Recently I came across this tweet by @Keyneqq which includes an integral with a Sierpinski Triangle pattern. I think the tweet was meant as a bit of a joke, but I was curious if the integral could be evaluated in a reasonable way.

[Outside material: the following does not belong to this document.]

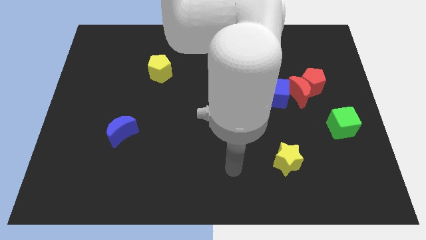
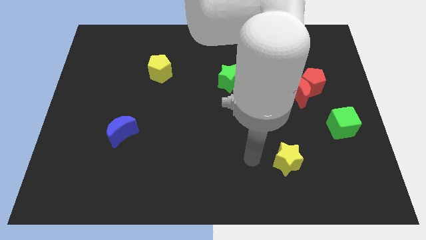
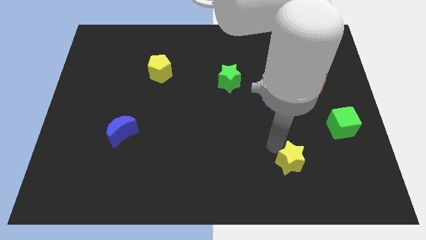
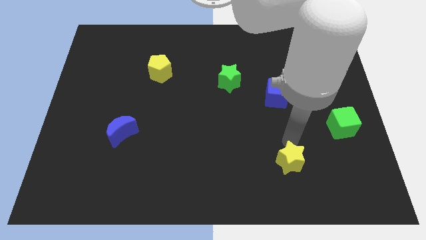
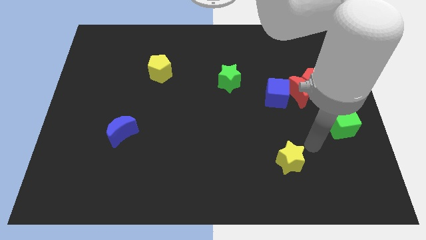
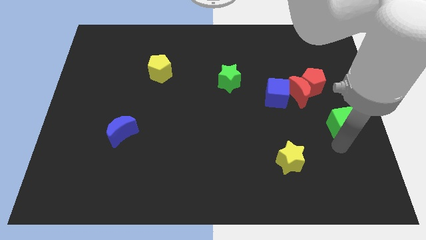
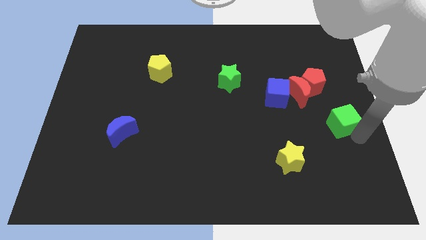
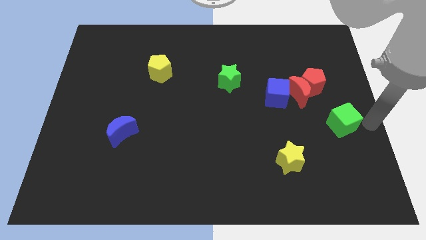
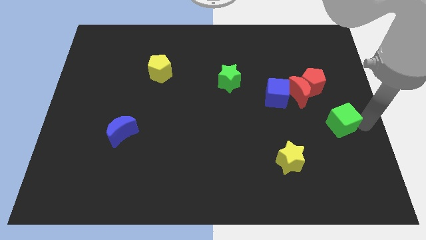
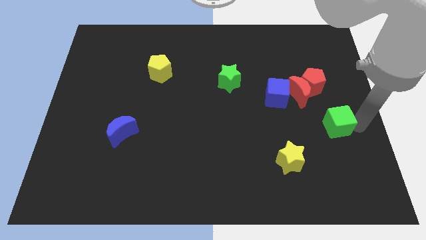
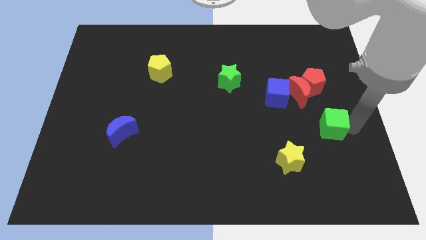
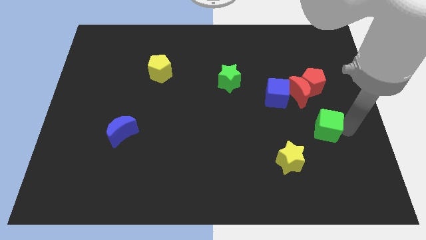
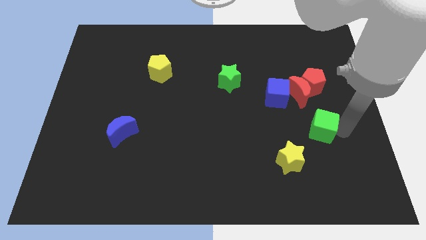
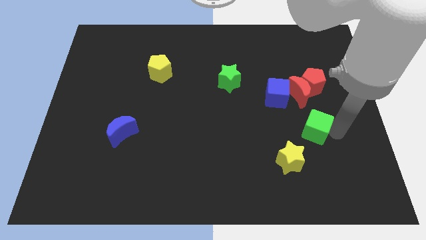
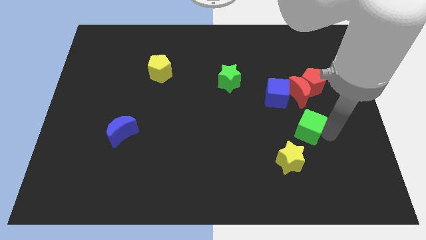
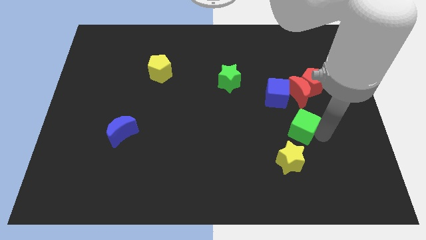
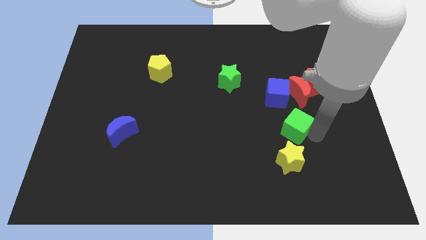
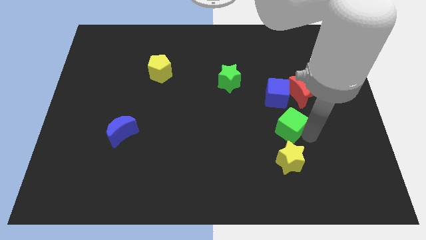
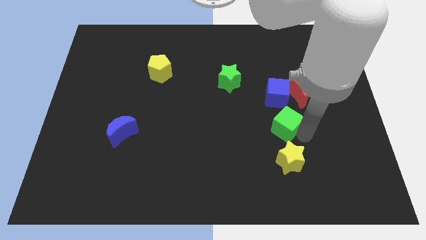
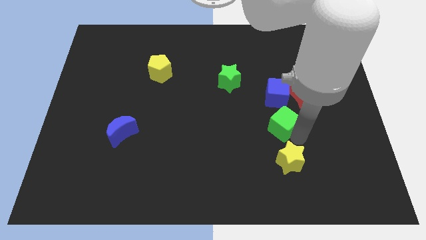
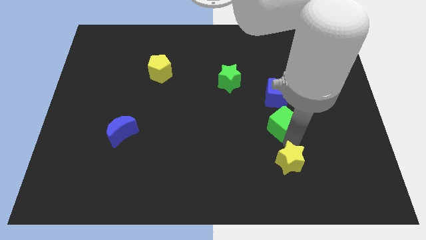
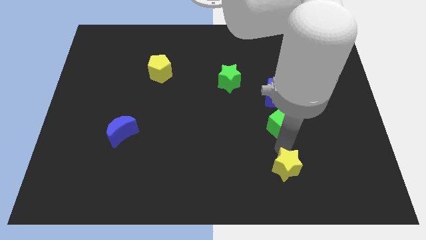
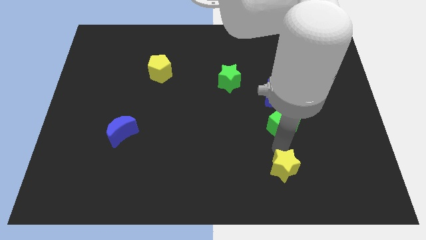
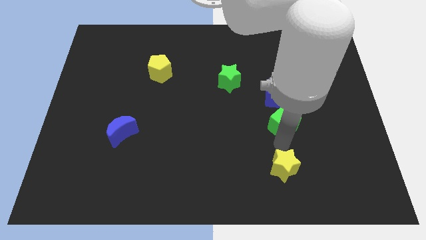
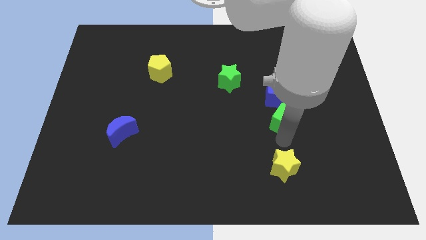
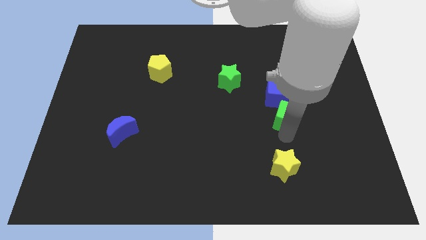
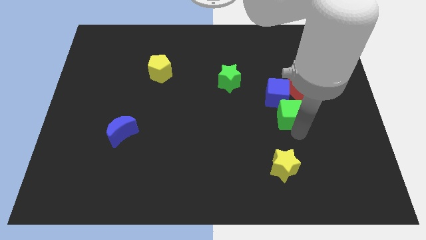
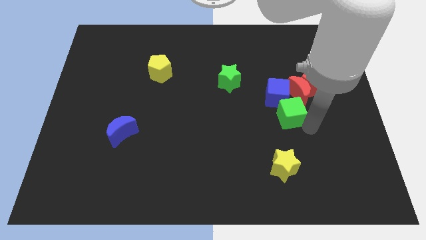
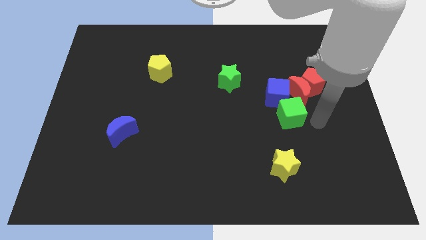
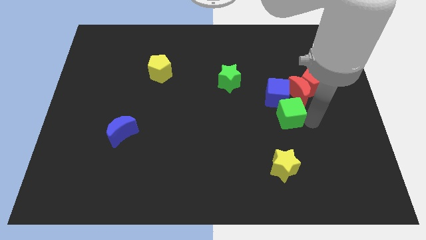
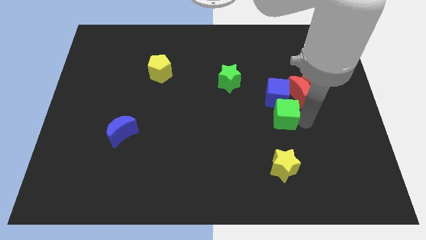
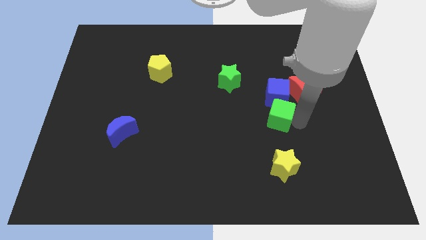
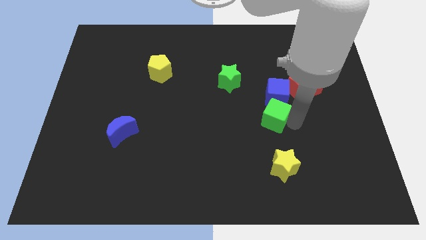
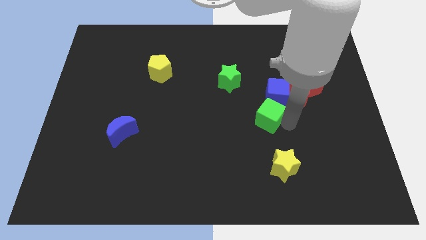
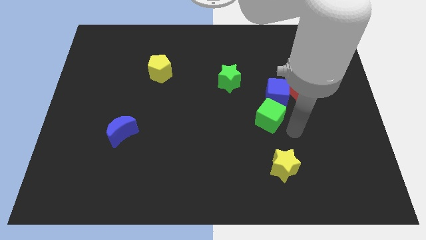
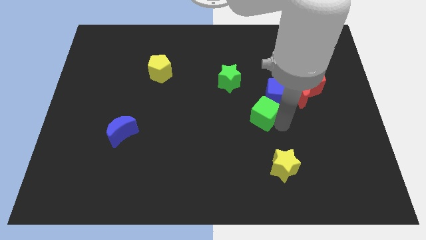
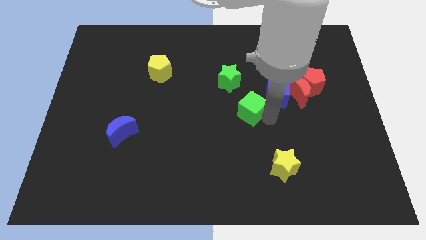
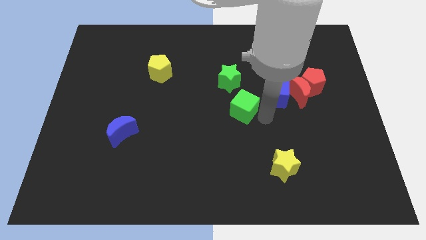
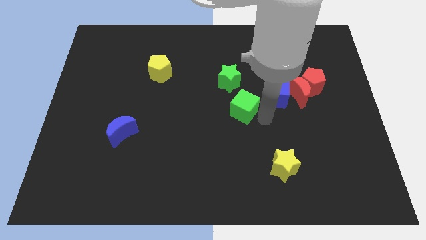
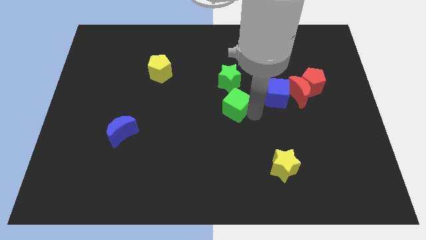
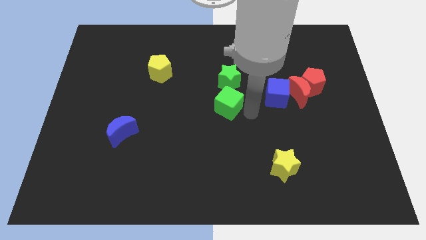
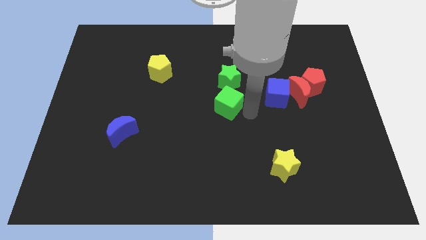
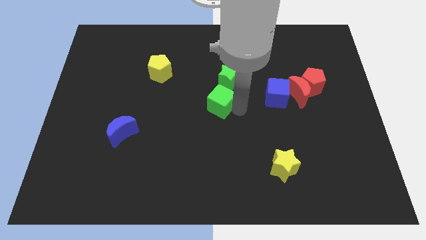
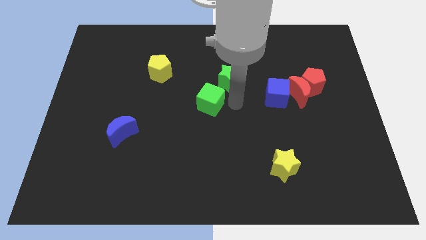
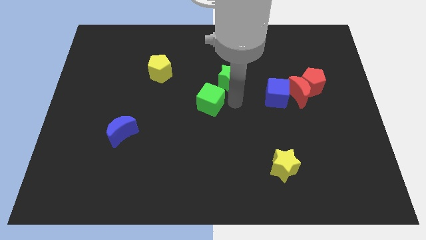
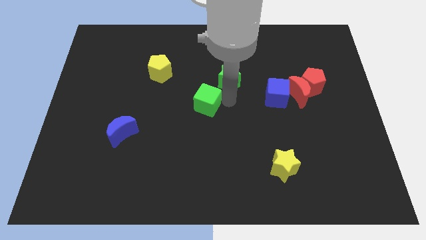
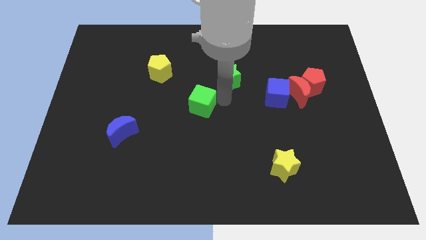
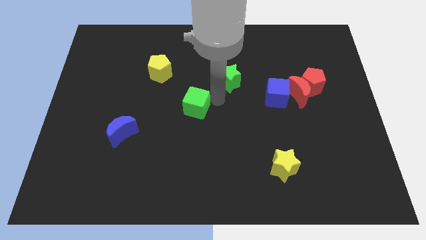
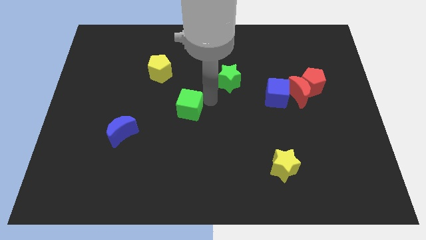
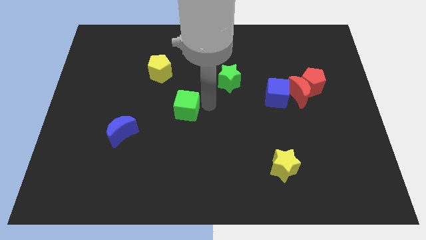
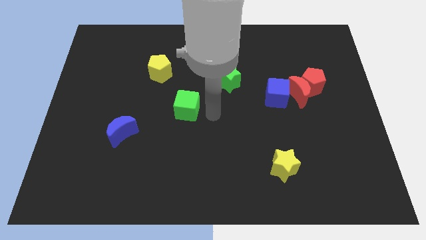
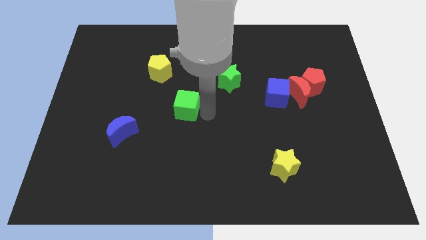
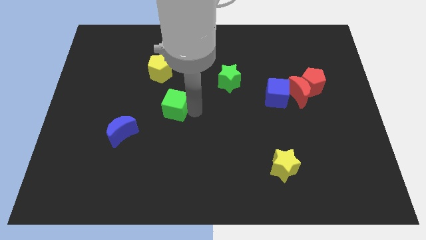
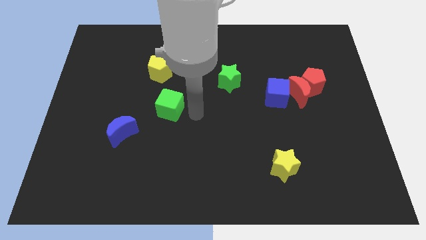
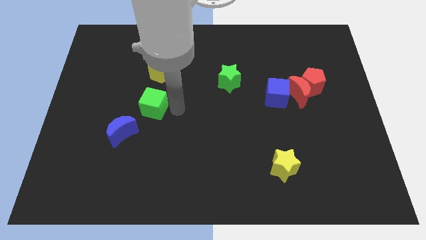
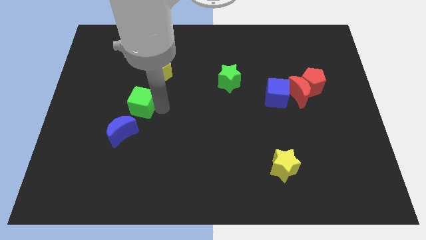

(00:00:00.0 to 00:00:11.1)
push the green cube to the top of the blue moon

In order to make sense of it, I assumed that the integrand is $x$ for all of the integrals, and that the pattern goes on forever. After some analysis, I found the following sequence of functions which, as $n\rightarrow\infty$, generates the entire fractal:
$$f_0(a,b)=\int_{\int_{\int_{\int_{b}^{1}xdx}^{\int_{0}^{1}xdx}xdx}^{0}xdx}^{\int_{1}^{\int_{\int_{0}^{1}xdx}^{\int_{0}^{a}xdx}xdx}xdx}xdx$$
$$f_{n}(a,b)=f_{n-1}(f_{n-1}(a, 0),f_{n-1}(1, b))$$
FYI, $f_0$ resolves to this polynomial:
$$f_0(a,b)=\frac{1}{32768}\left[(a^{16}-4a^{12}-122a^8+252a^4+3969)-(b^{16}-8b^{14}+24b^{12}-32b^{10}+16b^8)\right]$$
The value we’re looking for is then $$\lim_{n\rightarrow\infty}f_n(1,0)$$
I wrote a Python script to calculate a few iterations, it appears to converge very quickly to a value of around $0.121126$. This seems to be a promising solution, but of course a Python script is not a proof of convergence. Is there a way to prove the convergence of this series that, as far as I can tell, can only be defined recursively?
Additional information
Here's the code for those interested:
from decimal import Decimaldef f(n, a, b): if n == 0: return (((Decimal(a ** 16) - 4 * a ** 12 - 122 * a ** 8 + 252 * a ** 4 + 3969) - (b ** 16 - 8 * b ** 14 + 24 * b ** 12 - 32 * b ** 10 + 16 * b ** 8)) / 32768) return f(n - 1, f(n - 1, Decimal(a), 0), f(n - 1, 1, Decimal(b)))
print(f(5, 1, 0))
At the limit,
$$f_\infty(1,0) = f_\infty(f_\infty(1,0),f_\infty(1,0))\qquad f_\infty\equiv\lim_{n\rightarrow\infty}f_n$$
Taking $m=f_\infty(1,0)$ we then have
$$m = f_\infty(m,m)$$
So the desired value $m$ is some sort of fixed point of the function. Using the value $m=0.121126$ this is verified by the script. In fact it appears that $f(a,a)$ converges to that same value of $0.121126$ for all $|a|<2.089$.